I have preserved this paper as a thing of value, but there is only one thought I have now time to give from it. It is about the necessity of keeping an eye on what is so glibly called The Spirit of the Age. The Spirit of the Age, said this great American scholar, poet, essayist and diplomatist, in this address of 42 years ago, "may be after all only a finer name for the mischievous goblin known to our forefathers as Puck. I have seen several spirits of the age in my time, of very different voices and guide in very different directions but unanimous in their propensity to land us in the mire at least."

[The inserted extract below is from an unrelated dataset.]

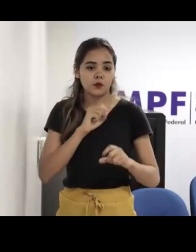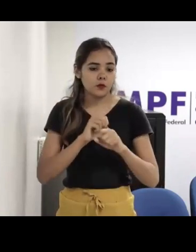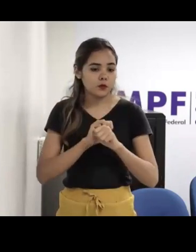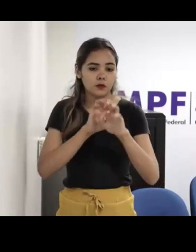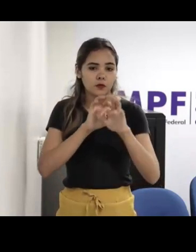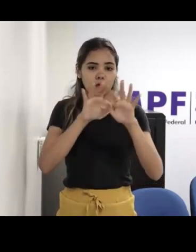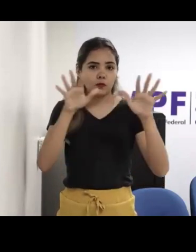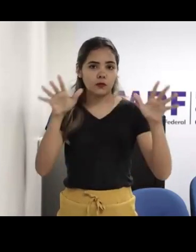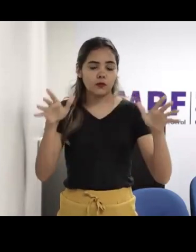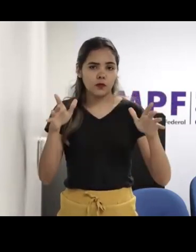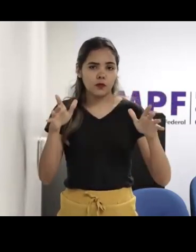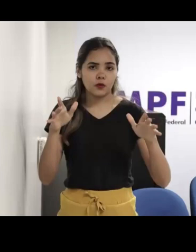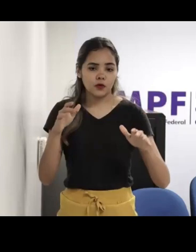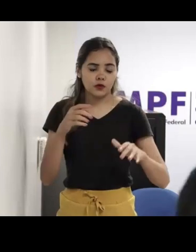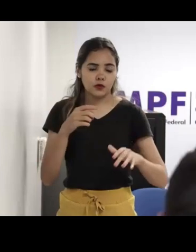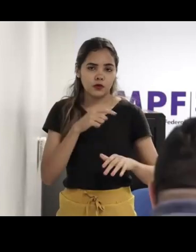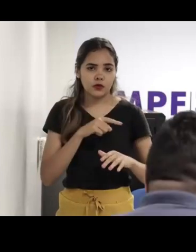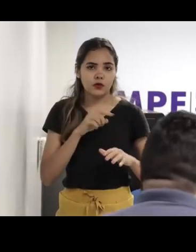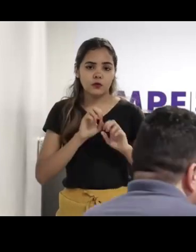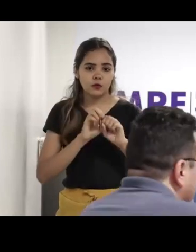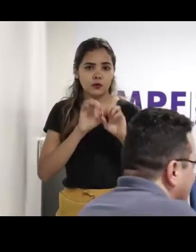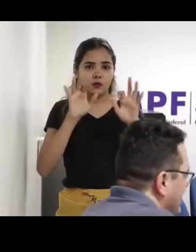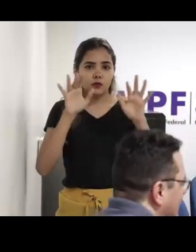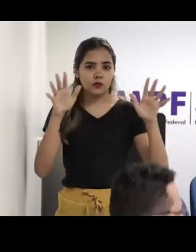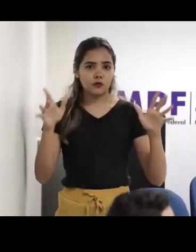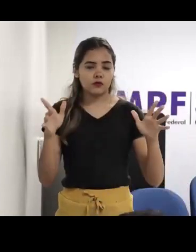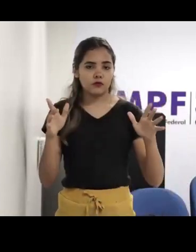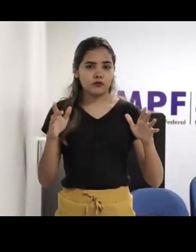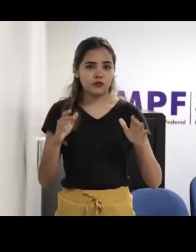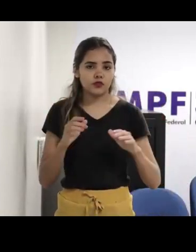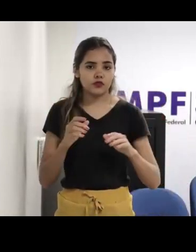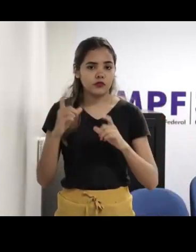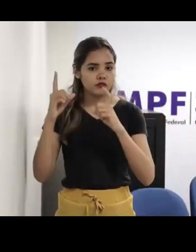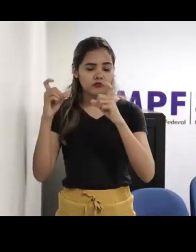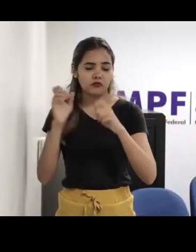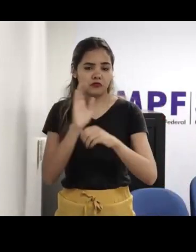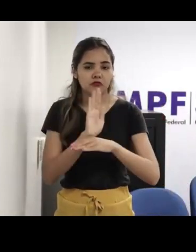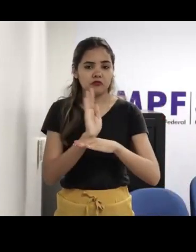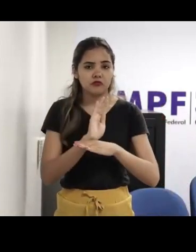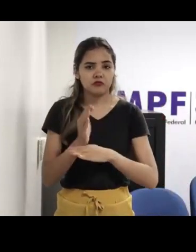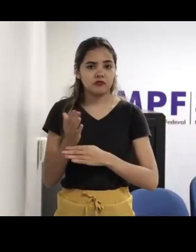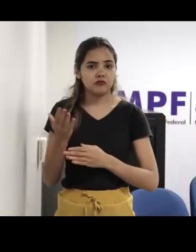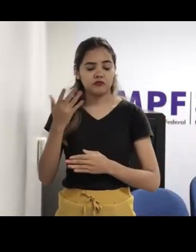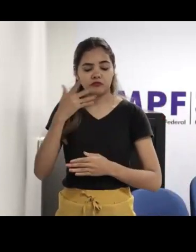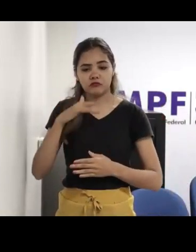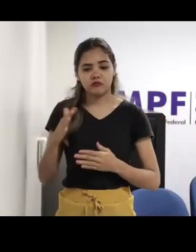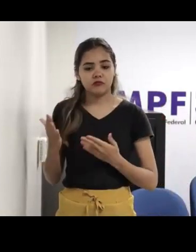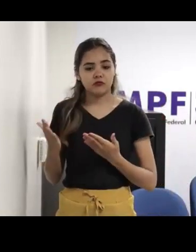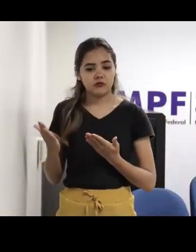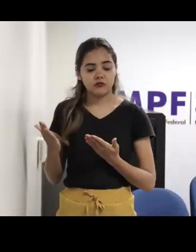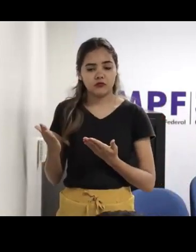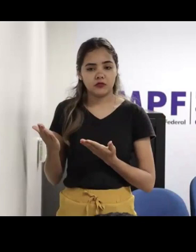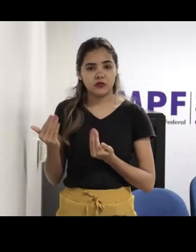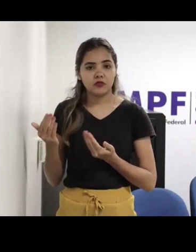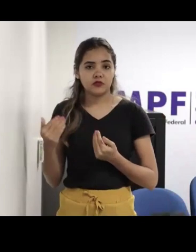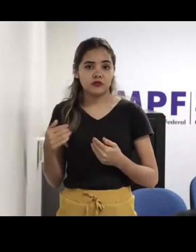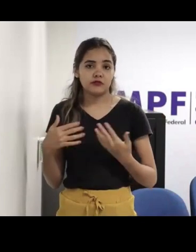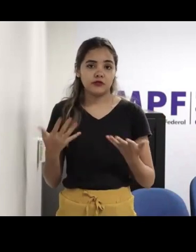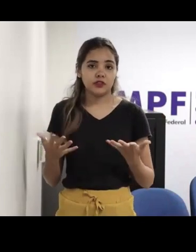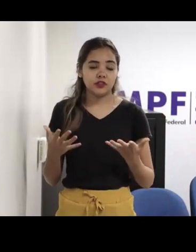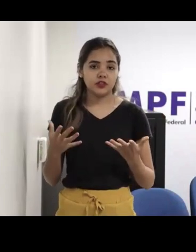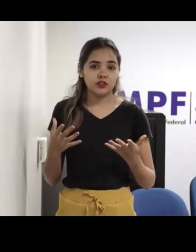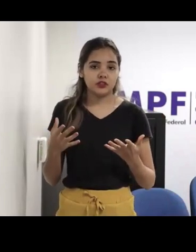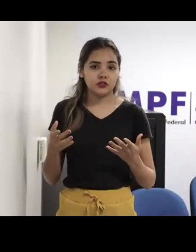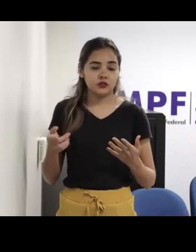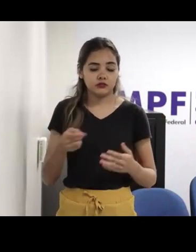efetou a prisão de um investigado. Então, enquanto nós estamos aqui hoje reunidos, o crime está acontecendo aí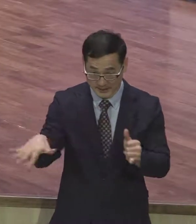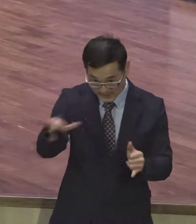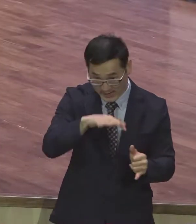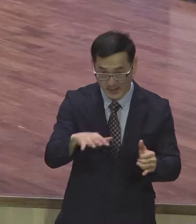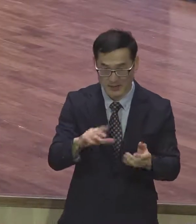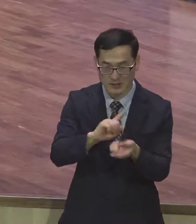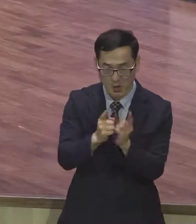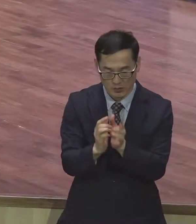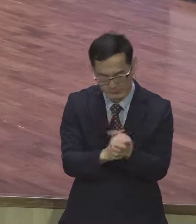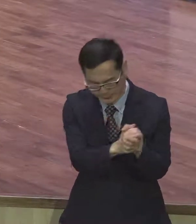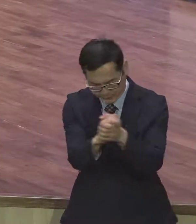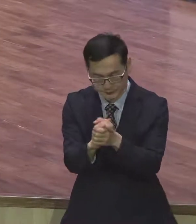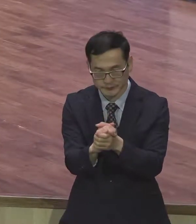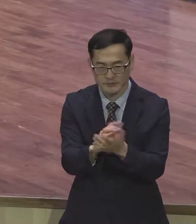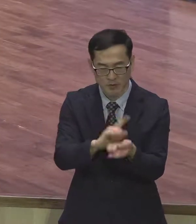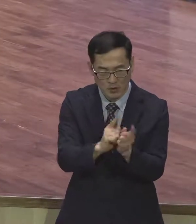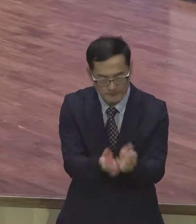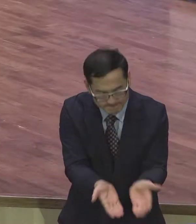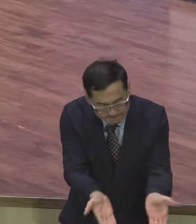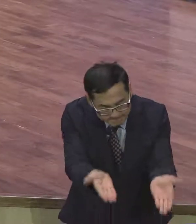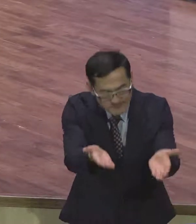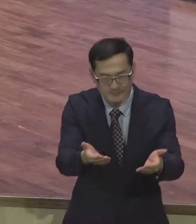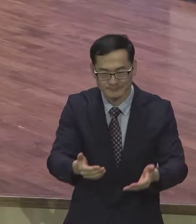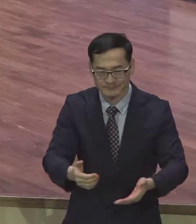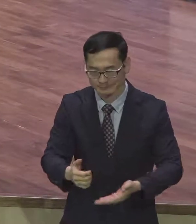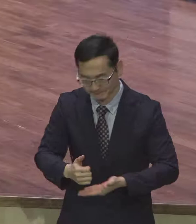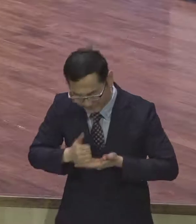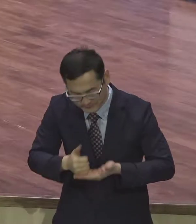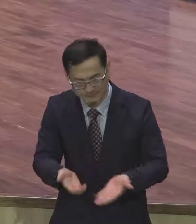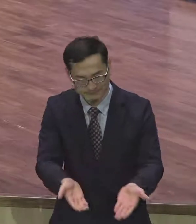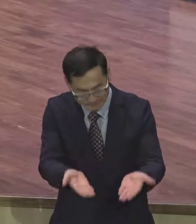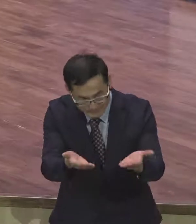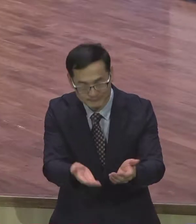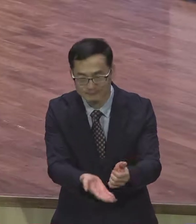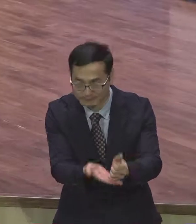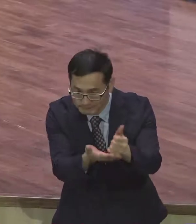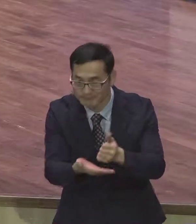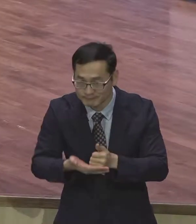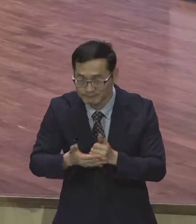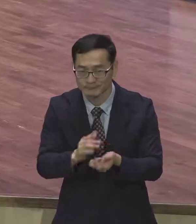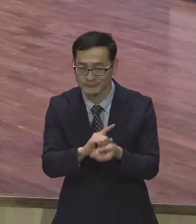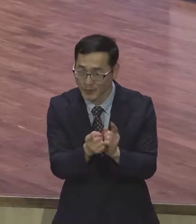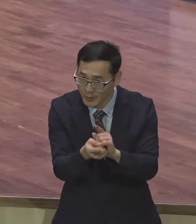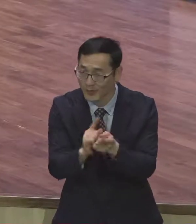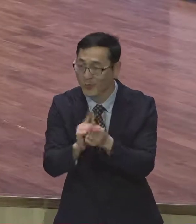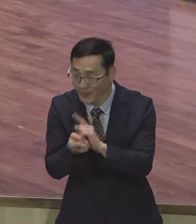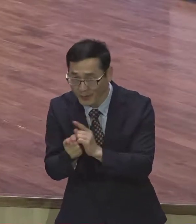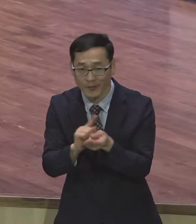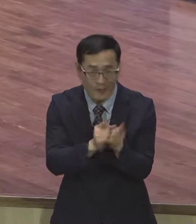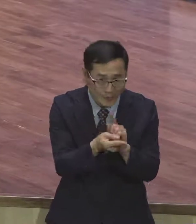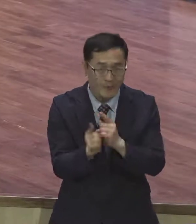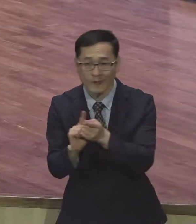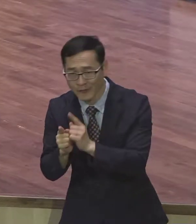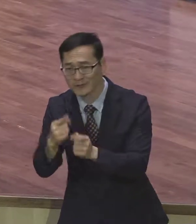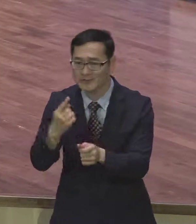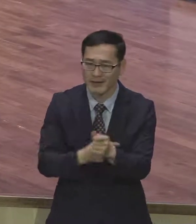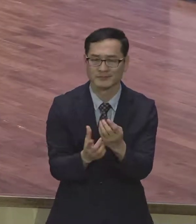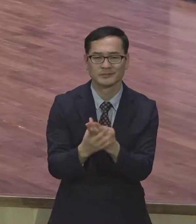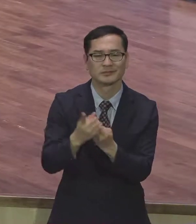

We are now completing the first decade following the conclusion of the Great War – a decade of so-called reconstruction, which ahs given us a Spirit of the Age of a most dazzling plumage, though begotten of the unrest and confusion into which the world was thrown by the unprecedented devastation of that fearful scourge. This new Spirit of the Age would cast aside everything that has come down to us from the past, and embrace and adopt anything and everything that was new, regardless of the lessons of history or the dictates of reason. Wholesome rules of life and conduct, long and well tried principles of government and law, and even the most sacred standards of religions faith, would disappear from the face of the earth. If it had its way, not because they are wholesome and well tried and sacred, but simply because they are not new and of its own making. Novelty, speed, extravagance, ostentation, superficiality, materialism, transient pleasure and sensuality are its favorite goddesses. Happily, a wiser and saner world is already turning again to the old well springs of stability, prudence, truth and spirituality, the only reliable sources of sound, well balanced progress and true and lasting happiness.

Watch, therefore, at all times the Spirit of the Age, and, if you find that it menaces those higher and nobler things which make life worth while and with which it has been your Alma Mater’s aim to inspire you; set yourselves against it with all your might.

Never before have there been grander opportunities for trained minds of conviction and courage.

As Sir James Barrie told the graduates and undergraduates of Old Saint Andrew’s in the address I have already referred to, "There are glorious years lying ahead of you if you only choose to make them glorious."